> _Exercise brief_: Look through the entries below for the line with "Website: lowes" and the line with "What is the amount of residential", then give again exactly those two lines and all lines between them, minus the pictures.

> _Exercise data_:
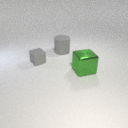
small gray rubber cube to the left of large gray rubber cylinder
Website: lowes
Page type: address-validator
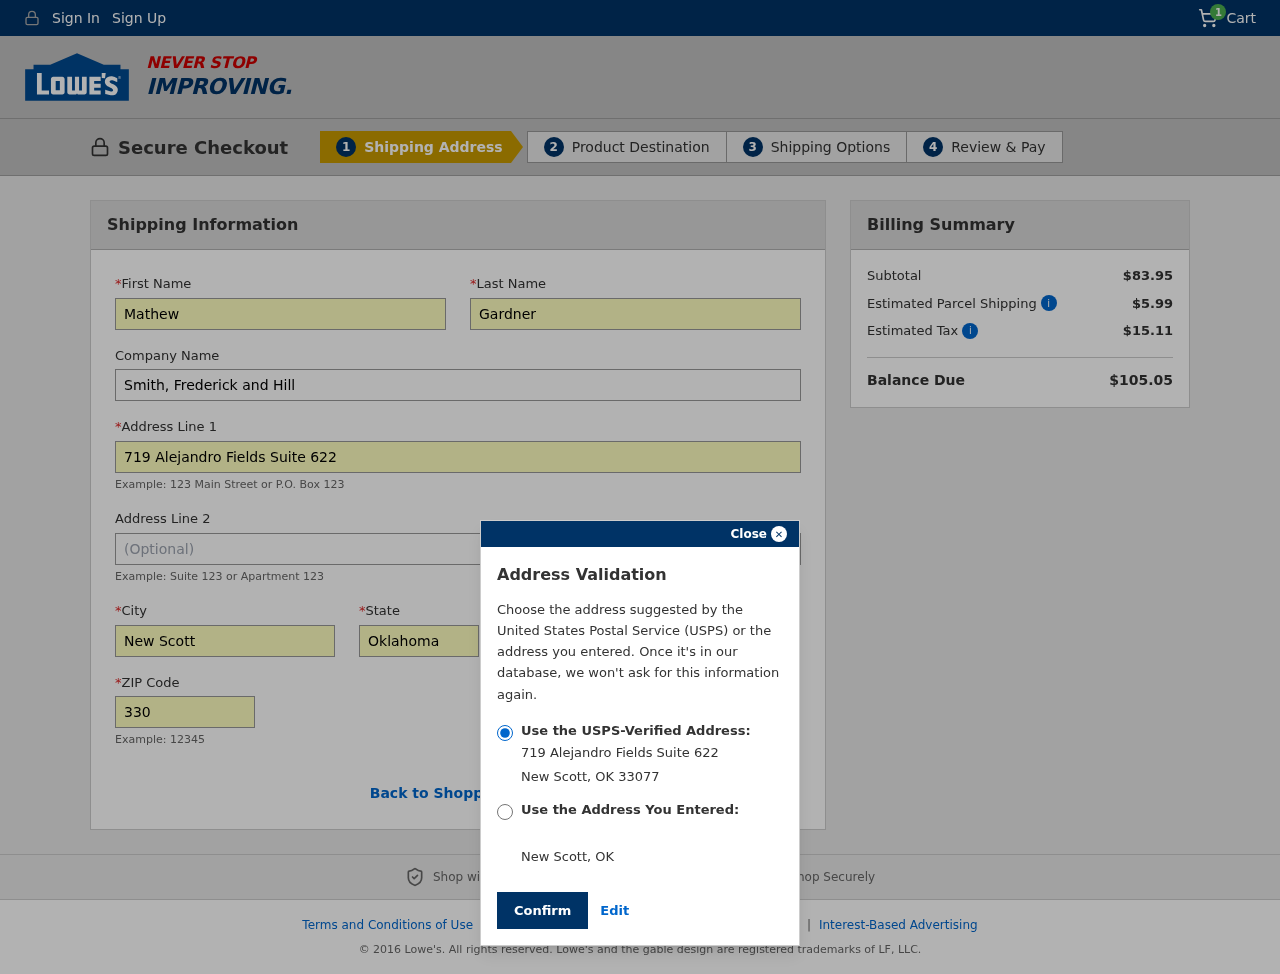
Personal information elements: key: PII_CITY
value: New Scott
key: PII_COMPANY
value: Smith, Frederick and Hill
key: PII_FIRSTNAME
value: Mathew
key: PII_LASTNAME
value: Gardner
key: PII_POSTCODE
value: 33077
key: PII_STATE
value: Oklahoma
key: PII_STATE_ABBR
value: OK
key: PII_STREET
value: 719 Alejandro Fields Suite 622
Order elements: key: ORDER_NUM_ITEMS
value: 1
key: ORDER_SUBTOTAL
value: $83.95
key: ORDER_SHIPPING_COST
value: $5.99
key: ORDER_TAX
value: $15.11
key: ORDER_TOTAL
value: $105.05
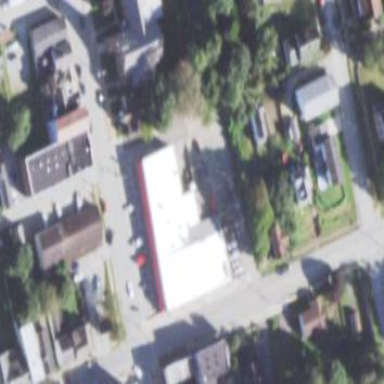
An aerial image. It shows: Supermarket building.
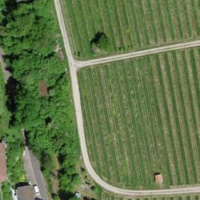
EUNIS habitat code: 40
Species observed at this site:
Heracleum sphondylium
Cydonia oblonga
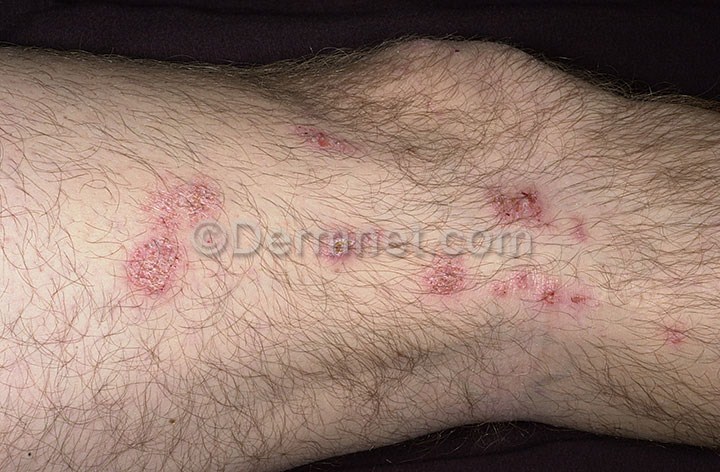
Disease: Eczema Photos
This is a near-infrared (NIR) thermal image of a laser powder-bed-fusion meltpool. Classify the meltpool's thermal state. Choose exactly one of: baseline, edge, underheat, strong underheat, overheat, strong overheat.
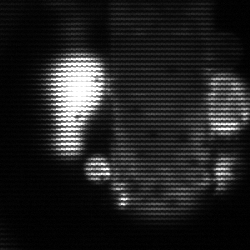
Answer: strong underheat
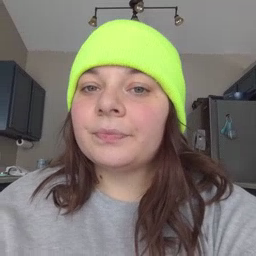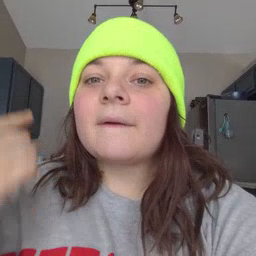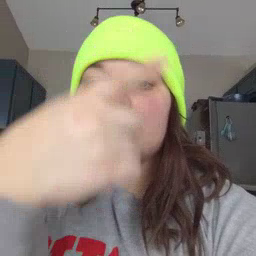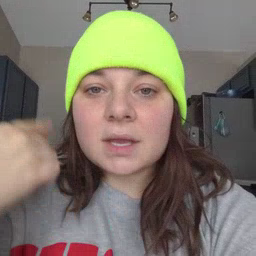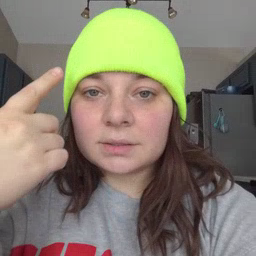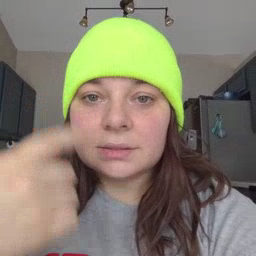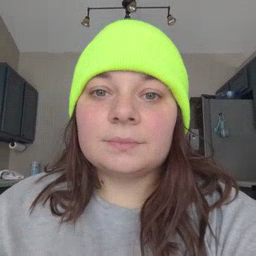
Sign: face
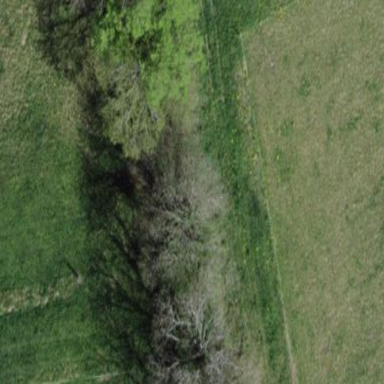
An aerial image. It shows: Beautiful woodland area.
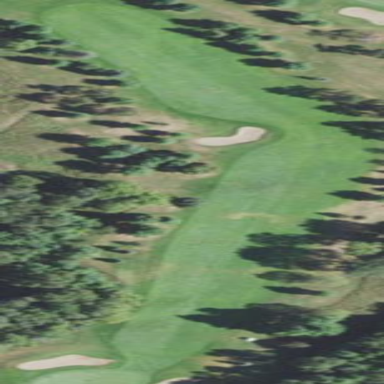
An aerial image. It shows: Golf fairway surrounded by grass.
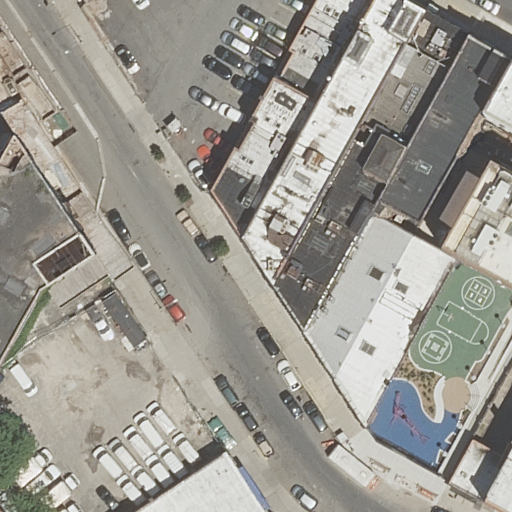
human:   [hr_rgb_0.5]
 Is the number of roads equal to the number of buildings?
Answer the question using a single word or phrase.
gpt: no

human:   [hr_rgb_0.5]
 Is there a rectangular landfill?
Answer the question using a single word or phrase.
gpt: no

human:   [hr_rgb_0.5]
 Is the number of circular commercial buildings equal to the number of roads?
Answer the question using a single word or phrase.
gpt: no

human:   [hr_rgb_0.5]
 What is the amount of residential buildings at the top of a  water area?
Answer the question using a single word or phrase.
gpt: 0

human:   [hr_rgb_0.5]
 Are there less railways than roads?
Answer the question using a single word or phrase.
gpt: yes

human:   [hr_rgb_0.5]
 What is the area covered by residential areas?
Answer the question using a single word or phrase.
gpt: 0m2

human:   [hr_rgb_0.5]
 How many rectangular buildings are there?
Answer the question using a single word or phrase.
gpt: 10

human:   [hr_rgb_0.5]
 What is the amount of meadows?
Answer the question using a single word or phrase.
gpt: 0

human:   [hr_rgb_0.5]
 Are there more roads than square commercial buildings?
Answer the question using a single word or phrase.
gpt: yes

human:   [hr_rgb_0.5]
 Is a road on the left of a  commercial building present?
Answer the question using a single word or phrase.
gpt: no

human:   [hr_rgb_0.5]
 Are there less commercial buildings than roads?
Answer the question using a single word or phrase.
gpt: yes

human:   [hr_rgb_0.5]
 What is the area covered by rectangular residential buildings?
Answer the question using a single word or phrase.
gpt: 1038m2

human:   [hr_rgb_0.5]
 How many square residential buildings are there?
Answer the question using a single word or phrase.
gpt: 0

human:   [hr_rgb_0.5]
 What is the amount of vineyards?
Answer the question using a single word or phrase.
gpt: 0

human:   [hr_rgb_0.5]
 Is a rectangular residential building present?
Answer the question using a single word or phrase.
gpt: yes

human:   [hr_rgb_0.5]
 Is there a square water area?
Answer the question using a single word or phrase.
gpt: no

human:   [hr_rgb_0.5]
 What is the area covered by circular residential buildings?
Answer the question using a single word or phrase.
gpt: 0m2

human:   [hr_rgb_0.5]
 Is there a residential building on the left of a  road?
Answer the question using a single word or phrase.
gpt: yes

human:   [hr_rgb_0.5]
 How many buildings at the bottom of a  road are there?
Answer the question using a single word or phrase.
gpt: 9

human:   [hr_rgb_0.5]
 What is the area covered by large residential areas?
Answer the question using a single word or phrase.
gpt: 0m2

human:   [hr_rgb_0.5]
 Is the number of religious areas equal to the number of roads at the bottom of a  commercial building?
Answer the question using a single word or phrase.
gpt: yes

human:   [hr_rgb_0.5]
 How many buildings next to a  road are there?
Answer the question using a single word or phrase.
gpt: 14

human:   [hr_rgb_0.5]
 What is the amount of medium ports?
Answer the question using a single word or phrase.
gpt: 0

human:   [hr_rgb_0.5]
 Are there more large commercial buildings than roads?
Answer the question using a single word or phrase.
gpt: no

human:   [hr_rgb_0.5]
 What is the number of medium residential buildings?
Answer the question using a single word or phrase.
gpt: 7

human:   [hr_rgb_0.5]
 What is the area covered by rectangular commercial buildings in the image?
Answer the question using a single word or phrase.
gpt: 0m2

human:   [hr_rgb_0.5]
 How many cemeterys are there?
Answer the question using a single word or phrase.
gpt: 0

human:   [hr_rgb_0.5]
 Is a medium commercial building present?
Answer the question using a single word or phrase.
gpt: no

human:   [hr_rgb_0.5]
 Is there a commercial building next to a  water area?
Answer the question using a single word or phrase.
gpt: no

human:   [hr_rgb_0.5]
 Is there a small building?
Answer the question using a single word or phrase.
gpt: yes

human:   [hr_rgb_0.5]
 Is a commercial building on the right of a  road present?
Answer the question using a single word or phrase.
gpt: no

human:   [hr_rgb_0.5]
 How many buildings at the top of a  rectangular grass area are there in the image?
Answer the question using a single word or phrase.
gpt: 0

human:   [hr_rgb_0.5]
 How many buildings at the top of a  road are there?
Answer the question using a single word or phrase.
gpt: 9

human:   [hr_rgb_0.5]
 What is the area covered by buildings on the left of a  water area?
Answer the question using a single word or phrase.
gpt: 0m2

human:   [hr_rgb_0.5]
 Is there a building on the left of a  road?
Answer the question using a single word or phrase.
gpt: yes

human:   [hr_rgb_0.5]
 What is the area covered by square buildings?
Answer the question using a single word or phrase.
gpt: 0m2
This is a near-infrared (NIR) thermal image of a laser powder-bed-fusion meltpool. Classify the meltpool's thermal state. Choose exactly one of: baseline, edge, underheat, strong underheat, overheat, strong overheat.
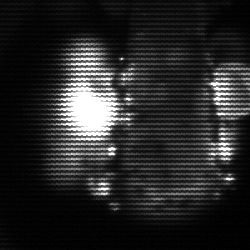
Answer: strong underheat
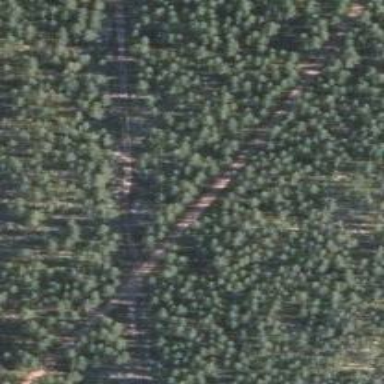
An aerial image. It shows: Well-maintained track road with grade 1 tracktype.
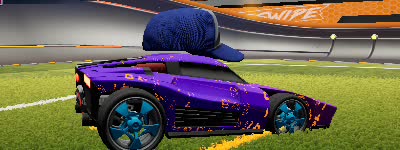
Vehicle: breakout
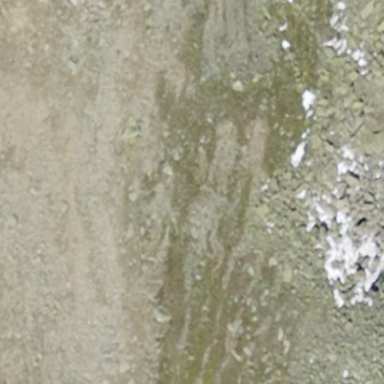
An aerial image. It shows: Natural scree.
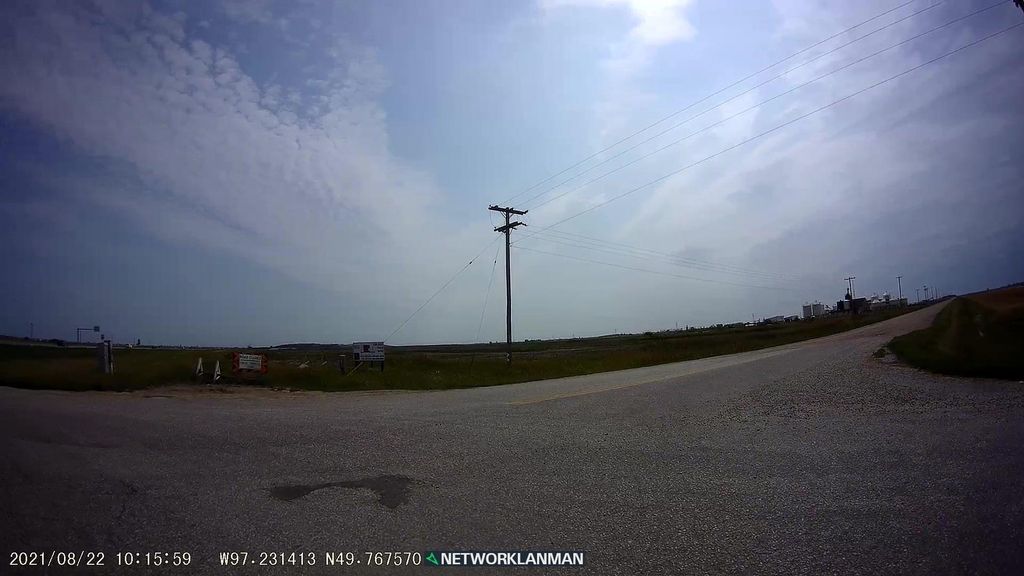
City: winnipeg
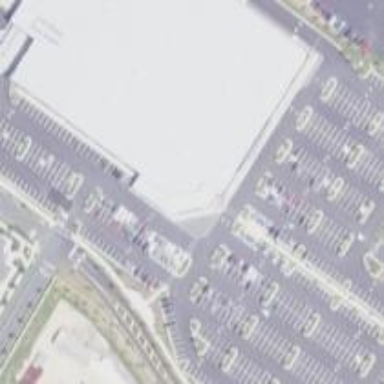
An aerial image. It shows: Parking area.
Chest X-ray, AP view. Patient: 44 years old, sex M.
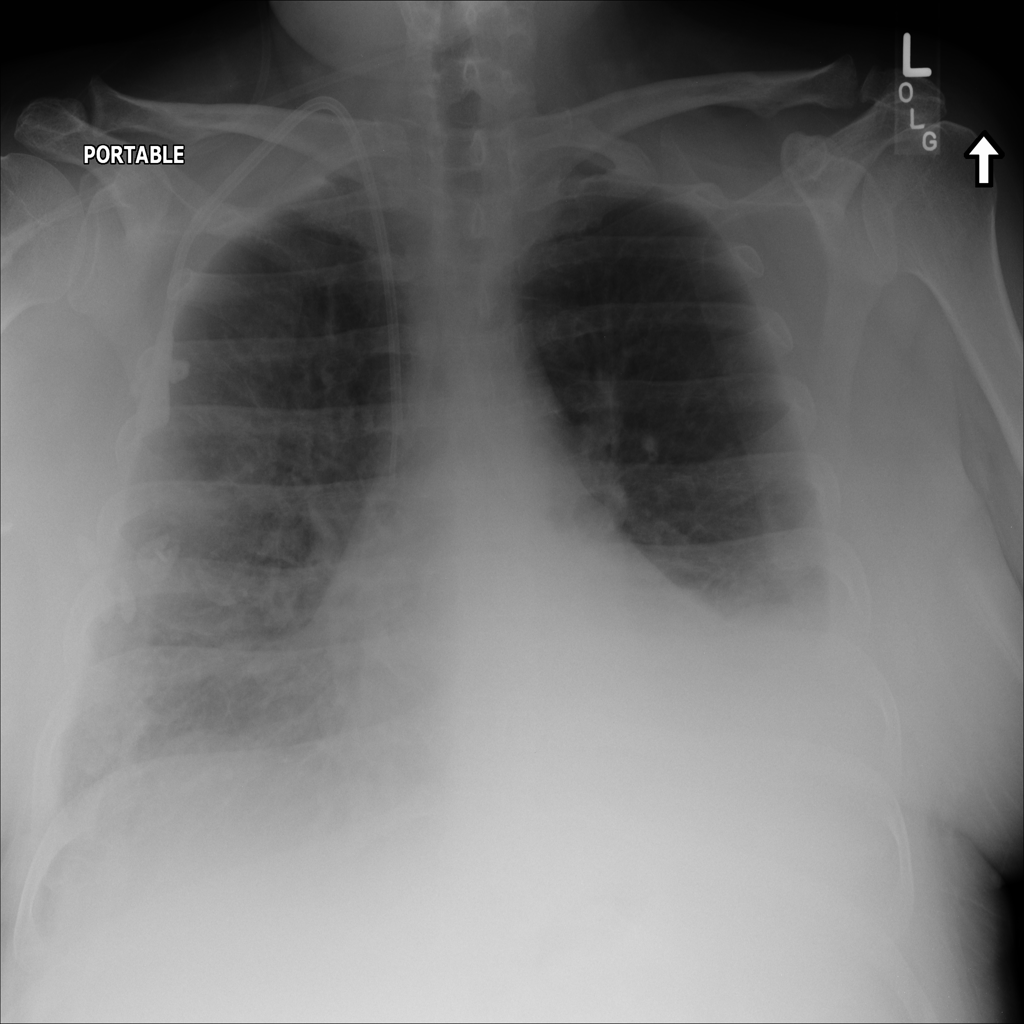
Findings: Consolidation
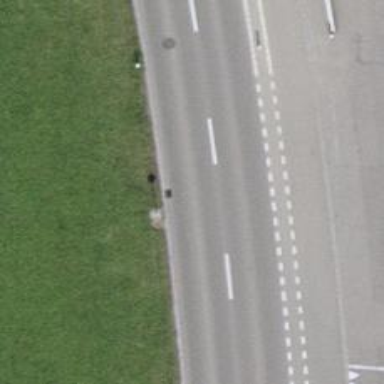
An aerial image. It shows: Tertiary road with asphalt surface. There is track for cyclists on the left side.
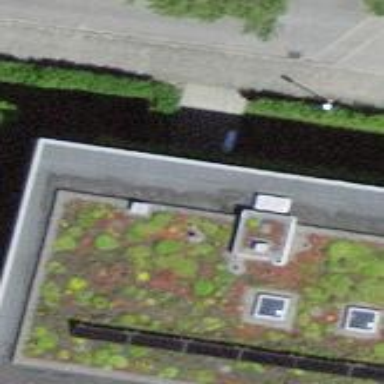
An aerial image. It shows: Apartment building with flat roof.
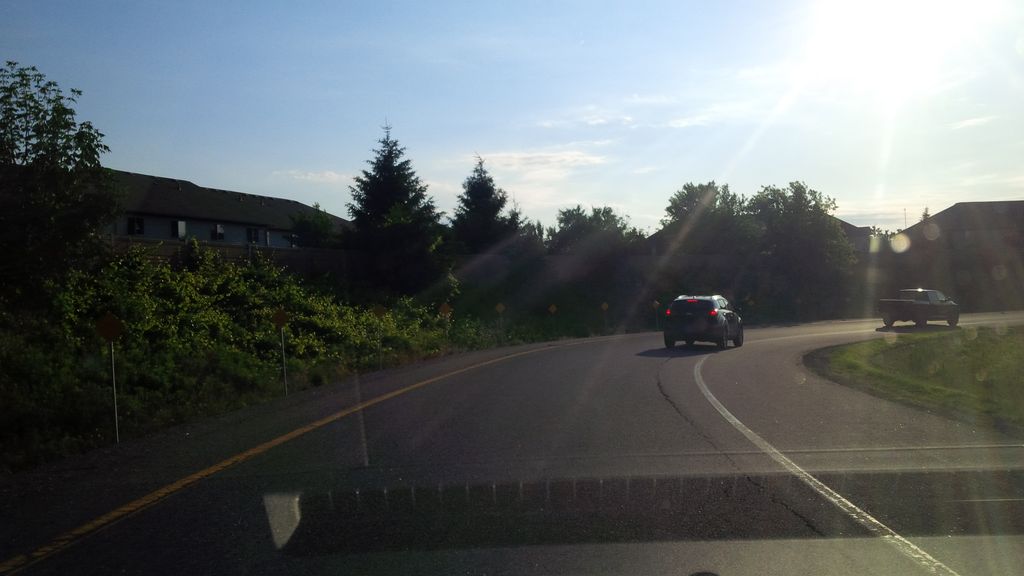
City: hamilton
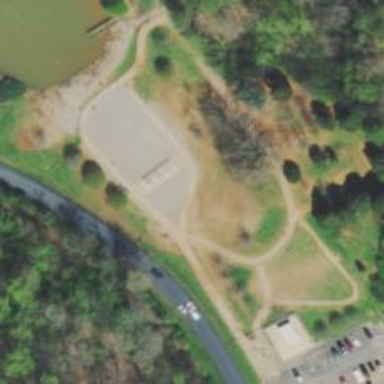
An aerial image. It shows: Dog park for leisure land.
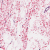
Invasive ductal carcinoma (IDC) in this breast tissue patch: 0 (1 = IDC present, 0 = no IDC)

> _Final answer_:
Website: lowes
Page type: address-validator
Personal information elements: key: PII_CITY
value: New Scott
key: PII_COMPANY
value: Smith, Frederick and Hill
key: PII_FIRSTNAME
value: Mathew
key: PII_LASTNAME
value: Gardner
key: PII_POSTCODE
value: 33077
key: PII_STATE
value: Oklahoma
key: PII_STATE_ABBR
value: OK
key: PII_STREET
value: 719 Alejandro Fields Suite 622
Order elements: key: ORDER_NUM_ITEMS
value: 1
key: ORDER_SUBTOTAL
value: $83.95
key: ORDER_SHIPPING_COST
value: $5.99
key: ORDER_TAX
value: $15.11
key: ORDER_TOTAL
value: $105.05
An aerial image. It shows: Supermarket building.
EUNIS habitat code: 40
Species observed at this site:
Heracleum sphondylium
Cydonia oblonga
Disease: Eczema Photos
This is a near-infrared (NIR) thermal image of a laser powder-bed-fusion meltpool. Classify the meltpool's thermal state. Choose exactly one of: baseline, edge, underheat, strong underheat, overheat, strong overheat.
Answer: strong underheat
Sign: face
An aerial image. It shows: Beautiful woodland area.
An aerial image. It shows: Golf fairway surrounded by grass.
human:   [hr_rgb_0.5]
 Is the number of roads equal to the number of buildings?
Answer the question using a single word or phrase.
gpt: no

human:   [hr_rgb_0.5]
 Is there a rectangular landfill?
Answer the question using a single word or phrase.
gpt: no

human:   [hr_rgb_0.5]
 Is the number of circular commercial buildings equal to the number of roads?
Answer the question using a single word or phrase.
gpt: no

human:   [hr_rgb_0.5]
 What is the amount of residential buildings at the top of a  water area?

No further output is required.